There is no magic way to do this. I'm going to propose a way that might speed up your manual work, because at some point you will have to check and see which ones are well graded or not.
With the following code:
combinar_textos_parecidos <- function(x, max_dist, method = "lv"){
x <- as.character(x)
distancias <- stringdist::stringdistmatrix(x, x, method = method)
for(i in 1:length(x)){
small_dist <- distancias[i,] < max_dist
if(sum(small_dist) > 1){
x[small_dist] <- x[which(small_dist)[1]]
}
}
return(x)
}
Copy of the question linked and adapted to choose the distance calculation method.
library(stringr)
textos %>% str_replace_all("-", " ") %>%
str_replace_all("[:space:]{1,}", " ") %>%
combinar_textos_parecidos(0.4, method = "jaccard")
[1] "ADASA/DF" "ADASA AGENCIA DE AGUAS" "ADASA/DF" "CASA CIVIL"
[5] "CASA CIVIL" "CASA CIVIL" "CASA CIVIL" "CASA CIVIL"
[9] "CASA CIVIL" "CASA CIVIL" "CASA CIVIL"
That way, in your example you would need to change only 1 element of your vector.

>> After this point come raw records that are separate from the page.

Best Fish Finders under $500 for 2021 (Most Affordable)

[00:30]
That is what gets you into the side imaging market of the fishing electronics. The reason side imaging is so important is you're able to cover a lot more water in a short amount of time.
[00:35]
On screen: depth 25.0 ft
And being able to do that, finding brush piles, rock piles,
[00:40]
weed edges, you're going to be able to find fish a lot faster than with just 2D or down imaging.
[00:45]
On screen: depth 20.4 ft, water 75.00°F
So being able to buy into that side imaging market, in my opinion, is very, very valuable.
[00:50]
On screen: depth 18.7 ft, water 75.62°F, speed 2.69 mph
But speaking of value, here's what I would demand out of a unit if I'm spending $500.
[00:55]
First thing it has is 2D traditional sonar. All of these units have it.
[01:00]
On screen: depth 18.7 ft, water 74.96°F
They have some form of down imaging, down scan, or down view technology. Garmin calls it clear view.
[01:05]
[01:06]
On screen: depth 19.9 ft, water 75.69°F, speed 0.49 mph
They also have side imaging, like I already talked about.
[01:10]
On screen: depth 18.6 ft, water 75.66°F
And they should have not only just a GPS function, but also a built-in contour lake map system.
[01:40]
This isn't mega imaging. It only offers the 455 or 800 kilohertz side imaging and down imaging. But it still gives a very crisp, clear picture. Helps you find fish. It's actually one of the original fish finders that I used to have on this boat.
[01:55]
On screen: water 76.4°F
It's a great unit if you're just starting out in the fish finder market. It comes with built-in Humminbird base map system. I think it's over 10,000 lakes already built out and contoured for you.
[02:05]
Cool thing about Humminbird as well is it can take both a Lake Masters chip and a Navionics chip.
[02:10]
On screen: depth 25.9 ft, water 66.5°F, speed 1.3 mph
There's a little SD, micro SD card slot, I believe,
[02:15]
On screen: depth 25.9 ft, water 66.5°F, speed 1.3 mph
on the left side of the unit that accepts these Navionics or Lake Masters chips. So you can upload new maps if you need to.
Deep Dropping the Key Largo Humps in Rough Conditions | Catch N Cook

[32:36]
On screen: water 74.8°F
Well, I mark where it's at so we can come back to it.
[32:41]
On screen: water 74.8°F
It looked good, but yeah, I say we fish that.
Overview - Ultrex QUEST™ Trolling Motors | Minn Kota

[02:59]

Of course, this is just an alternative. You could also create an auxiliary table with all possible companies and make a join using the fuzzyjoin
package. For some reason the package does not join when one of the tables has only one column (I'll open an issue in github), but you can use it.
Example:
textos <- data.frame(emp = c("ADASA/DF", "ADASA-AGENCIA DE AGUAS", "ADASA-DF",
"CASA CIVIL", "CASA CIVIL - DF", "CASA CIVIL DA GOVERNADORIA DF", "CASA CIVIL DO DF", "CASA CIVIL DO DF.", "CASA CIVIL DO DIST. FEDERAL", "CASA CIVIL DO DISTRITO FEDERAL", "SEC. ESTADO DA CASA CIVIL"),
stringsAsFactors = F, a = 1
)
empresas <- data.frame(emp = c("ADASA", "CASA CIVIL"), emp2 = c("ADASA", "CASA CIVIL"), stringsAsFactors = F)
library(fuzzyjoin)
regex_left_join(textos, empresas, by = c(emp = "emp"))
emp.x a emp.y emp2
1 ADASA/DF 1 ADASA ADASA
2 ADASA-AGENCIA DE AGUAS 1 ADASA ADASA
3 ADASA-DF 1 ADASA ADASA
4 CASA CIVIL 1 CASA CIVIL CASA CIVIL
5 CASA CIVIL - DF 1 CASA CIVIL CASA CIVIL
6 CASA CIVIL DA GOVERNADORIA DF 1 CASA CIVIL CASA CIVIL
7 CASA CIVIL DO DF 1 CASA CIVIL CASA CIVIL
8 CASA CIVIL DO DF. 1 CASA CIVIL CASA CIVIL
9 CASA CIVIL DO DIST. FEDERAL 1 CASA CIVIL CASA CIVIL
10 CASA CIVIL DO DISTRITO FEDERAL 1 CASA CIVIL CASA CIVIL
11 SEC. ESTADO DA CASA CIVIL 1 CASA CIVIL CASA CIVIL